The successful group ski trip

Getting there
The journey there. The first hurdle. And one many have fallen (out) at. The nagging consciousness of simultaneously burning annual leave time whilst not doing something enjoyable is the kindling to a potentially devastating breakdown in group relations. Communication and cooperation are more important here than any other point of the trip. If driving to an airport, get the parking pre-booked so that can be settled before other expenses are incurred (and take a picture of where you’ve parked!). For those opting to drive, ‘Surviving the car journey’ is essential reading. Alternatively, taking a coach or the train relieves the burden of driving from one unlucky soul as well as sparing the environment a little extra carbon. Whichever form of transport you take, a Bluetooth speaker is invaluable; if not for the journey then for adding tempo to the unpacking session.

Kitty
Ingredients for Bolognese, and a crate of balcony beers, don’t pay for themselves and as they are to be distributed throughout the group equally it makes sense they come out of a kitty. Whilst this needn’t go as far as state appropriation of property and drastic land reform, a pool of money that can be used to pay for necessities the whole group benefits from and prevents those ‘could you send me that £1.32 for the coco pops?’ messages. A Bluetooth speaker is another public good that could be paid for through the kitty if someone doesn’t bring their own.

Book in advance
Like any other holiday destination, ski resorts and chalets often offer good deals on advance booking so if you can get your friends to commit to a week (easier said than done), there’s a every chance there will be money to be saved. Additionally, the majority of resorts allow you to purchase your ski pass beforehand which can both save money and prevent the wait for everyone to go through the process individually. Make a note to bring a Bluetooth speaker whilst sorting your passes so you don’t forget!

Help the newbies
If it’s a holiday where skiing happens to be the activity of choice, as opposed to a ‘first lift up, hot chocolate breaks are for the weak’ type of  trip, there’s a good chance there will be beginners and less experienced skiers amongst the group. Recommending ski schools as well as offering some advice on what to pack (Bluetooth speaker) can be particularly useful and providing old or spare gear saves the hassle and cost of renting.
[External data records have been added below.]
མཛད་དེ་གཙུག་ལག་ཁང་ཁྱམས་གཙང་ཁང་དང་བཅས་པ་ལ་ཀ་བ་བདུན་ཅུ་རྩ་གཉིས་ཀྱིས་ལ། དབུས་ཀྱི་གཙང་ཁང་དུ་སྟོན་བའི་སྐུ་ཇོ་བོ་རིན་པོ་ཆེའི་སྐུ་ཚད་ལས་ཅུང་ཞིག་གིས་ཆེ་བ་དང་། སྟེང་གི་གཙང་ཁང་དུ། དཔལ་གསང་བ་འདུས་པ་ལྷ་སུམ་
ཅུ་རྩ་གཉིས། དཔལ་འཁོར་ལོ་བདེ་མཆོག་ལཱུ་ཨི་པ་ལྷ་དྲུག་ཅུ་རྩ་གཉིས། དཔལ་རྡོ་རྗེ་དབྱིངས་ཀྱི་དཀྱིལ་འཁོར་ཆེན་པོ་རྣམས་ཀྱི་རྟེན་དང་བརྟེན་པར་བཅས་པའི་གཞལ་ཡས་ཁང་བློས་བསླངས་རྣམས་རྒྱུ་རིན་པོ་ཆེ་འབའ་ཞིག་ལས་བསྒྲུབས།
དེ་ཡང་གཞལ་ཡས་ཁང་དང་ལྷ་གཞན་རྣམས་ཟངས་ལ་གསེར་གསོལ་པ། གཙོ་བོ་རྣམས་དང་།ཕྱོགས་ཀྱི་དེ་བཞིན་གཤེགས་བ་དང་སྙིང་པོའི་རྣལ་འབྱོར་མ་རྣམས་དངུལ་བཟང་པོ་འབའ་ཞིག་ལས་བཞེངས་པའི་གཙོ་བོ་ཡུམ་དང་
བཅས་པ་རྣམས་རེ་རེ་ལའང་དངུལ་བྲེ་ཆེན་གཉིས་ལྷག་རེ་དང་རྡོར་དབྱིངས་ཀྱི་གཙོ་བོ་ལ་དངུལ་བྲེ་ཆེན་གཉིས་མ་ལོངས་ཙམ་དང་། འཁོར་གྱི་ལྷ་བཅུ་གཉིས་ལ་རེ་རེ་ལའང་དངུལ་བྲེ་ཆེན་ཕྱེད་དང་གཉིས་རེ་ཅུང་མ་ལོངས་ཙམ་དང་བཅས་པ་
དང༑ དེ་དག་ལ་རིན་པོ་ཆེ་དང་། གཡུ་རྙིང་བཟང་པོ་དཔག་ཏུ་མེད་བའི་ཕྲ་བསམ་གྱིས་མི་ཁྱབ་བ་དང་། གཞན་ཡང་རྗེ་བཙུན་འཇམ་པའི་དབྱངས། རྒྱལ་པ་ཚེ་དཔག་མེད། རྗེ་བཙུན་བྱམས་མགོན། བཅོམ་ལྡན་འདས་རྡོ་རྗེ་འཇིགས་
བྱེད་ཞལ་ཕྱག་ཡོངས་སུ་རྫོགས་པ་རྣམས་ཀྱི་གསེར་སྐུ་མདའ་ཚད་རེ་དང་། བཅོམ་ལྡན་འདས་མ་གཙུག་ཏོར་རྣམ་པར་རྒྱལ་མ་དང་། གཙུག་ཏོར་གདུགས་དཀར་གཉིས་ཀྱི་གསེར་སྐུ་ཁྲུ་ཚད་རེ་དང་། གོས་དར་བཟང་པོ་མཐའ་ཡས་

You don’t have to do everything together
Inevitably there will be a disparity between how people want to spend their time; be that based on ability or simply personal preference. Resorts will only have so many pistes that can cater to both the ‘first timer’ and the ‘I’ve been to my parent’s chalet in Verbier since I could walk’ members of the group. Going off in smaller groups and agreeing to meet later satisfies everyone’s interests. Something you can do together is make a playlist of songs everyone enjoys to play through the Bluetooth speaker.

Board games
Uno. Articulate. Monopoly. The family classics hold their own amongst today’s highly technologised entertainment. And there’s something about the interior of a ski chalet that lends itself to board games. Light a fire, have a hot chocolate and give your optic nerve a break with some more traditional, screen-free fun. Complete the homely ambiance with a few tunes from the Bluetooth speaker you remembered to bring.

Cooking
Cooking is another area that can benefit from a more pragmatic approach at the cost of the utopian ‘everyone helps with everything’ approach to the trip. Like with skiing ability, there will be the ‘I’ve burnt my ready meal’-ers and the ‘I thought I’d just whip up some pan-seared salmon fillets for brunch’-ers of the group. I’ve found it’s best when a couple of people take responsibility for cooking and the others pitch in with cleaning up rather than everyone tries to do a little bit of making dinner. If only there was a phrase about too many people working in the kitchen at the same time compromising the quality of their cumulative efforts. Superstition by Stevie Wonder is a great song to cook to if you were at a loss with what to do with the Bluetooth speaker…

*Most important tip*
Be friends with someone who owns a chalet
I’ve been over the numbers and it turns out that when you can stay at a friend’s house for free you end up spending significantly less on your ski trip. Whilst the costs may be incurred emotionally through regular reminders of their superior slalom technique, the financial toll is significantly reduced. Just make sure it comes with a Bluetooth speaker.